Generalization vs. Interpolation

[Thomas H. Hildebrandt]

Hildebrandt --

   "I have come to treat interpolation and generalization as the same
   animal, since obtaining good generalization is a matter of
   interpolating in the right metric space (i.e. the one that best models
   the underlying process)."

Wolpert --

   Certainly I am sympathetic to this point of view. Simple versions
   of nearest neighbor interpolation (i.e., memory-based reasoners) do
   very well in many circumstances. (In fact, I've published a couple of
   papers making just that point.) However it is trivial to construct
   problems where the target function is extremely volatile and
   non-smooth in any "reasonable" metric; who are we to say that Nature
   should not be allowed to have such target functions? Moreover, for a
   number of discrete, symbolic problems, the notion of a "metric" is
   ill-defined, to put it mildly.

I do not presume to tell Nature what to do.  We may consider problems
for which there is no simple transformation from the input (sensor)
space into a (linear) metric space to be "hard" problems, in a sense.
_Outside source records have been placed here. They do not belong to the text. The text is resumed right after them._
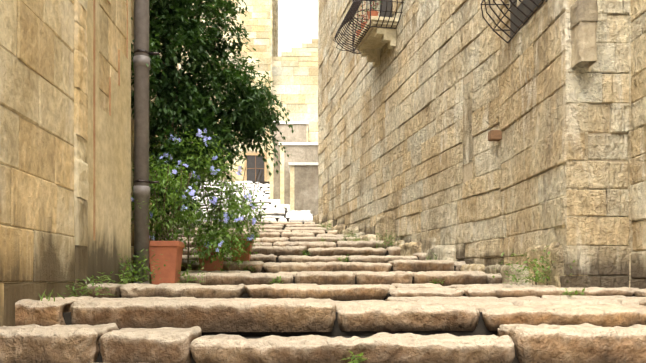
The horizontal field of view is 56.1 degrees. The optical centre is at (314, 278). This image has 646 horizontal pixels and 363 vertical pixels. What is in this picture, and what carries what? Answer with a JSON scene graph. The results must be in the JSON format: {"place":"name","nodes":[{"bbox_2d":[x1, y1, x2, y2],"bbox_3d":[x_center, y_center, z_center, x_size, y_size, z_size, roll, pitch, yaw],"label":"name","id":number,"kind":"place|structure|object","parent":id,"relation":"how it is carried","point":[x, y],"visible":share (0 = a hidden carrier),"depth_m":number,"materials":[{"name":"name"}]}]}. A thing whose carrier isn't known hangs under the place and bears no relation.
{"place":"outdoors","nodes":[
{"label":"outdoors","id":0,"kind":"place"},
{"bbox_2d":[0,0,179,326],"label":"wall","id":1,"kind":"structure","parent":0,"point":[37,247],"depth_m":4.79,"materials":[{"name":"beige stone"}]},
{"bbox_2d":[73,0,88,296],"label":"stone pilaster","id":2,"kind":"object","parent":1,"relation":"attached to","point":[81,167],"depth_m":5.33,"materials":[{"name":"stone"}]},
{"bbox_2d":[93,0,94,239],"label":"pipe","id":3,"kind":"object","parent":1,"relation":"attached to","point":[93,119],"depth_m":5.69,"materials":[{"name":"brown metal"}]},
{"bbox_2d":[99,0,126,113],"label":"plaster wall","id":4,"kind":"structure","parent":1,"relation":"attached to","point":[112,27],"depth_m":6.21,"materials":[{"name":"stone"}]},
{"bbox_2d":[133,0,158,283],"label":"down pipe","id":5,"kind":"object","parent":1,"relation":"attached to","point":[142,182],"visible":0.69,"depth_m":6.99,"materials":[{"name":"metal"}]},
{"bbox_2d":[131,0,295,269],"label":"climber plant","id":6,"kind":"object","parent":1,"relation":"attached to","point":[248,116],"visible":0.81,"depth_m":8.27,"materials":[{"name":"green plant"}]},
{"bbox_2d":[176,0,270,180],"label":"facade wall","id":7,"kind":"structure","parent":0,"point":[257,22],"depth_m":32.24,"materials":[{"name":"stone"}]},
{"bbox_2d":[244,153,266,180],"bbox_3d":[-3.158,-5.858,32.228,1.190,1.620,0.048,0,0,-1],"label":"window","id":8,"kind":"structure","parent":7,"relation":"attached to","point":[254,164],"depth_m":32.23,"materials":[{"name":"brown wood"}]},
{"bbox_2d":[271,0,277,93],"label":"side wall","id":9,"kind":"structure","parent":7,"relation":"attached to","point":[274,28],"depth_m":28.11,"materials":[{"name":"stone"}]},
{"bbox_2d":[272,39,317,141],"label":"masonry wall","id":10,"kind":"structure","parent":9,"relation":"attached to","point":[295,77],"depth_m":26.93,"materials":[{"name":"stone"}]},
{"bbox_2d":[270,121,317,215],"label":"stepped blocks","id":11,"kind":"structure","parent":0,"point":[305,187],"depth_m":24.12,"materials":[{"name":"beige stone"}]},
{"bbox_2d":[278,0,317,56],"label":"sky","id":12,"kind":"structure","parent":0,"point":[297,23],"depth_m":37.92,"materials":[{"name":"white"}]},
{"label":"ground","id":13,"kind":"structure","parent":0,"visible":0},
{"bbox_2d":[188,181,312,221],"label":"stone steps","id":14,"kind":"object","parent":13,"relation":"on","point":[268,182],"visible":0.02,"depth_m":24.45,"materials":[{"name":"stone"}]},
{"bbox_2d":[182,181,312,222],"bbox_3d":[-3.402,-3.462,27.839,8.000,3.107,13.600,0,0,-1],"label":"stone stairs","id":15,"kind":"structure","parent":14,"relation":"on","point":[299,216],"depth_m":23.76,"materials":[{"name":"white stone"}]},
{"bbox_2d":[0,221,645,362],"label":"stone stairs","id":16,"kind":"structure","parent":13,"relation":"on","point":[154,323],"depth_m":4.22,"materials":[{"name":"beige stone"}]},
{"bbox_2d":[149,238,253,284],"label":"flower pots","id":17,"kind":"object","parent":16,"relation":"on","point":[171,251],"visible":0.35,"depth_m":7.18,"materials":[{"name":"ceramic"}]},
{"bbox_2d":[131,125,269,270],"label":"potted plumbago plants","id":18,"kind":"object","parent":17,"relation":"in","point":[226,243],"visible":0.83,"depth_m":8.06,"materials":[{"name":"green plant"}]},
{"bbox_2d":[38,222,584,362],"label":"grass tufts","id":19,"kind":"object","parent":16,"relation":"on","point":[537,278],"visible":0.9,"depth_m":6.33,"materials":[{"name":"green plant"}]},
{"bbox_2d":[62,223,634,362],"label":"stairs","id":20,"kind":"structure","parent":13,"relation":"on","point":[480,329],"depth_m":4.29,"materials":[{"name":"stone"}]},
{"bbox_2d":[318,0,645,288],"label":"wall","id":21,"kind":"structure","parent":13,"relation":"on","point":[562,161],"depth_m":8.13,"materials":[{"name":"stone"}]},
{"bbox_2d":[333,0,403,66],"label":"balcony","id":22,"kind":"structure","parent":21,"relation":"attached to","point":[375,33],"depth_m":12.66,"materials":[{"name":"metal"}]},
{"bbox_2d":[313,212,563,287],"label":"rock plinth wall","id":23,"kind":"structure","parent":21,"relation":"attached to","point":[385,222],"depth_m":9.34,"materials":[{"name":"stone"}]},
{"bbox_2d":[463,79,472,164],"bbox_3d":[2.272,-2.308,8.994,0.058,1.200,0.345,0,0,-1],"label":"wall recess panel","id":24,"kind":"object","parent":21,"relation":"attached to","point":[467,125],"visible":0.8,"depth_m":9.01,"materials":[{"name":"stone"}]},
{"bbox_2d":[488,130,501,140],"bbox_3d":[2.396,-1.878,7.974,0.200,0.120,0.140,0,0,-1],"label":"brick","id":25,"kind":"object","parent":21,"relation":"attached to","point":[494,135],"depth_m":7.91,"materials":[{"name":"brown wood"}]},
{"bbox_2d":[480,0,546,42],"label":"grille window","id":26,"kind":"structure","parent":21,"relation":"attached to","point":[521,12],"depth_m":7.23,"materials":[{"name":"metal"}]},
{"bbox_2d":[570,0,597,67],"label":"stone corbel","id":27,"kind":"object","parent":21,"relation":"attached to","point":[583,19],"visible":0.96,"depth_m":5.79,"materials":[{"name":"beige stone"}]}
]}

Discrete problems, which naturally inhibit interpolation, must be
handled by table look-up, i.e. each case treated separately.  However,
table look-up can be considered to be an extreme case of interpolation
-- the transition between one recorded data point and a neighboring
one being governed by a Heaviside (threshold) function rather than a
straight line.

Wolpert --

   I am not claiming that metric-based generalizers will necessarily do
   poorly for these kinds of problems. Rather I'm simply saying that it is a
   bit empty to state that

Hildebrandt --

   "If the form of the underlying metric space is unknown, then it is a
   toss-up whether sigmoidal sheets, RBFs, piece-wise hyperplanar, or any
   number of other basis functions will work best."

Wolpert --

   That's like saying that if the underlying target function is unknown,
   then it is a toss-up what hypothesis function will work best.

   Loosely speaking, "interpolation" is something you do once you've
   decided on the metric. In addition to such interpolation,
   "generalization" also involves the preceding step of performing the
   "toss up" between metrics in a (hopefully) rational manner.
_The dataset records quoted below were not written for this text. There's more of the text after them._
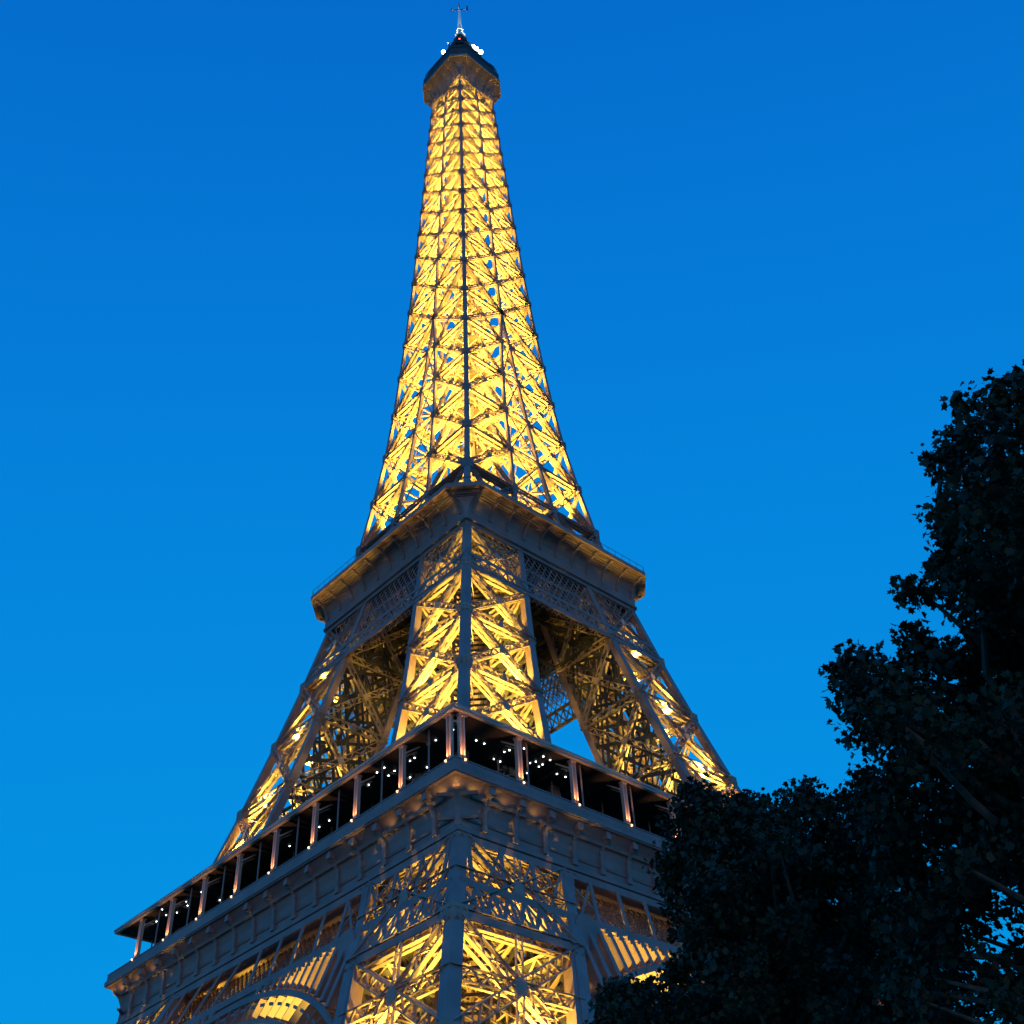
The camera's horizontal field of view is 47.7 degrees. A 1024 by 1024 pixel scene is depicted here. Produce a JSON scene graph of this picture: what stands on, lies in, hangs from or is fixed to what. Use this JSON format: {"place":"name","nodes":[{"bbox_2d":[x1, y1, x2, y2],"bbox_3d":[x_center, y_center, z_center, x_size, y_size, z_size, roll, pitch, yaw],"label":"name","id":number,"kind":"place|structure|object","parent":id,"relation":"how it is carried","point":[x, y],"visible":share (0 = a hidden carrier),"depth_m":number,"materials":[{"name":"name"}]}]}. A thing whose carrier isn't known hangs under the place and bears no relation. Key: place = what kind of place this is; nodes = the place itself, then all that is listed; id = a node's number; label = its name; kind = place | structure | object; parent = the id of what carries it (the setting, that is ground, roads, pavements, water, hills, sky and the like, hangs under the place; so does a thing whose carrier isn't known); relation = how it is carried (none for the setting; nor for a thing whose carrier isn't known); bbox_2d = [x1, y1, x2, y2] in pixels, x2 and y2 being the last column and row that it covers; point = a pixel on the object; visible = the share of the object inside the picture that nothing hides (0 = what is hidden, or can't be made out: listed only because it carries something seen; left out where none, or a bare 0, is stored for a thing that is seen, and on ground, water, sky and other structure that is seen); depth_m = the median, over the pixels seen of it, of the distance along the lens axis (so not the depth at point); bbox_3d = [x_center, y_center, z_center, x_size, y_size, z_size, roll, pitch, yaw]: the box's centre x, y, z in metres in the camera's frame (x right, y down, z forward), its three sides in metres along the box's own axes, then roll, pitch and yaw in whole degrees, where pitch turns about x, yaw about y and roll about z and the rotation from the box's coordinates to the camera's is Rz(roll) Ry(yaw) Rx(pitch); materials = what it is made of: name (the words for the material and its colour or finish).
{"place":"outdoors","nodes":[
{"label":"outdoors","id":0,"kind":"place"},
{"bbox_2d":[0,0,1023,1023],"label":"sky","id":1,"kind":"structure","parent":0,"point":[762,243],"materials":[{"name":"blue"}]},
{"bbox_2d":[583,771,953,1023],"bbox_3d":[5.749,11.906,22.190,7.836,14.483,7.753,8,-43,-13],"label":"leafy tree","id":2,"kind":"object","parent":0,"point":[766,898],"visible":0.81,"depth_m":23.36,"materials":[{"name":"green plant"}]},
{"bbox_2d":[817,359,1023,1023],"bbox_3d":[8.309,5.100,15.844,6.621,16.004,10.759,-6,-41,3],"label":"leafy tree","id":3,"kind":"object","parent":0,"point":[975,814],"visible":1,"depth_m":17.05,"materials":[{"name":"green plant"}]},
{"label":"plaza","id":4,"kind":"structure","parent":0,"visible":0},
{"bbox_2d":[104,4,898,1023],"bbox_3d":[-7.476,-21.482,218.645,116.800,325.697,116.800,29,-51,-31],"label":"lattice tower","id":5,"kind":"structure","parent":4,"relation":"on","point":[464,606],"depth_m":146.88,"materials":[{"name":"metal"}]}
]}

It would be splitting hairs to suggest that the process of choosing an
appropriate set of basis functions be called "learning to generalize"
rather than "generalization".  I could not agree with you more in
thinking that the search for an appropriate basis set is one of the
important open problems in connectionist research.

If nothing is known about the process to be modelled, is there any
more efficient way to select a basis than trial-and-error?

Are some sets of basis functions more likely to efficiently describe a
randomly selected process?  Aside from compactness, what other
properties can be ascribed to a desirable basis?

Given a particular set of basis functions, what criteria must be met
by the underlying process in order for the bases to generalize well?
Can these criteria be tested easily?

These are just a few of the questions that come to mind.  I'll be
interested in any thoughts you have in this area.

				Thomas H. Hildebrandt